Integrate Azure OpenAI Service

Azure OpenAI Service provides access to OpenAI models through Azure's enterprise infrastructure. This guide shows how to route traffic to Azure OpenAI through API7 Gateway using the ai-proxy plugin.

Prerequisites

Install Docker.
Install cURL to send requests to the services for validation.
Have a running API7 Gateway instance.
Have an Azure account with an Azure OpenAI Service resource deployed.

Create a token from the Dashboard and save it to an environment variable:

export API_KEY=your-dashboard-token   # replace with your Dashboard token

Replace {gateway_group_id} with your gateway group ID. Use default if you are following the quickstart.
If you are following the Admin API examples, create or reuse a service in API7 Gateway. If you do not have one yet, follow Create or Reuse a Service, then save its ID to an environment variable:
```
export SERVICE_ID=your-service-id         # replace with your service ID
```

Configure Azure Authentication

Obtain the API key and endpoint from your Azure OpenAI resource.

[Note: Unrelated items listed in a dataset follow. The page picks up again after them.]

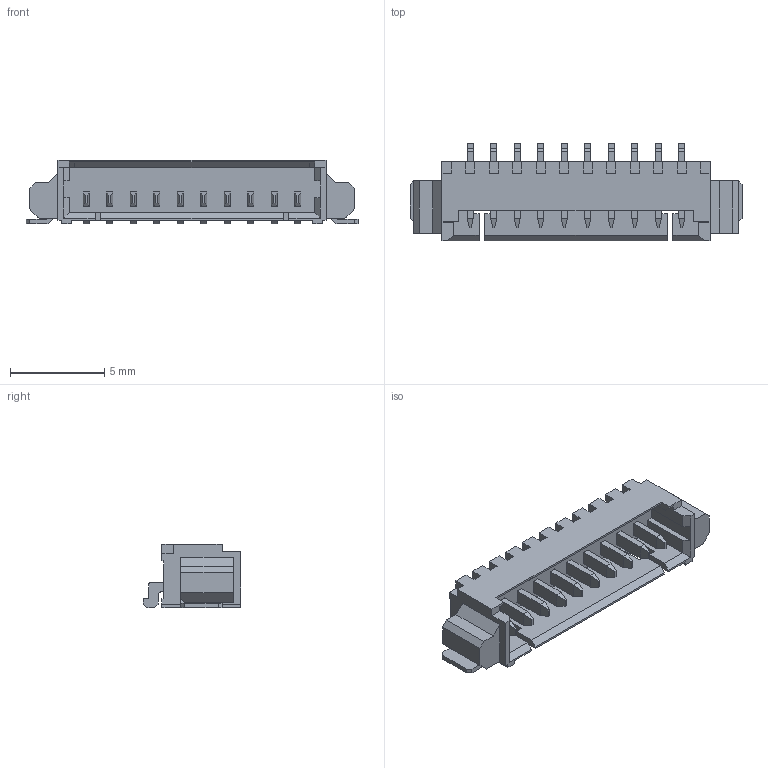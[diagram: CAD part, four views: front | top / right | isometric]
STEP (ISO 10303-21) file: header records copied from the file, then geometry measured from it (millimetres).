
FILE_DESCRIPTION (( 'STEP AP214' ), '1' );
FILE_NAME ('532611071.STEP', '2021-11-24T20:40:11', ( 'AVRASM1234' ), ( '' ), 'SwSTEP 2.0', 'SolidWorks 2017', '' );
FILE_SCHEMA (( 'AUTOMOTIVE_DESIGN' ));
Length unit declared in the file: millimetre
Products named in the file (1): 532611071
Bounding box: 17.65 x 5.2 x 3.4 mm (x, y, z)
Volume: 106.3 mm3; surface area: 491.4 mm2
Topology: 13 solids, 13 shells, 516 faces, 1412 edges, 924 vertices
Faces by surface type: plane 488, cylinder 28
Entity records: 18930 total; most frequent: CARTESIAN_POINT 2853, ORIENTED_EDGE 2824, DIRECTION 2502, EDGE_CURVE 1412, LINE 1356, VECTOR 1356, VERTEX_POINT 924, AXIS2_PLACEMENT_3D 573

Save the key to an environment variable:

export AZ_OPENAI_API_KEY=your-azure-api-key   # replace with your Azure OpenAI API key

Azure OpenAI uses the api-key header for authentication (not the Authorization header used by OpenAI).

Configure the AI Proxy for Azure

Create a route with the ai-proxy plugin:

Admin API
ADC

curl -k "https://localhost:7443/apisix/admin/routes?gateway_group_id={gateway_group_id}" -X PUT \
  -H "X-API-KEY: ${API_KEY}" \
  -d '{
    "id": "azure-openai-route",
    "service_id": "'"$SERVICE_ID"'",
    "paths": ["/azure-openai"],
    "plugins": {
      "ai-proxy": {
        "provider": "azure-openai",
        "auth": {
          "header": {
            "api-key": "'"$AZ_OPENAI_API_KEY"'"
          }
        },
        "options": {
          "model": "gpt-4"
        },
        "override": {
          "endpoint": "https://YOUR-RESOURCE.openai.azure.com/openai/deployments/YOUR-DEPLOYMENT/chat/completions?api-version=2024-10-21"
        }
      }
    }
  }'

❶ Set the provider to azure-openai.

❷ Attach the Azure API key using the api-key header.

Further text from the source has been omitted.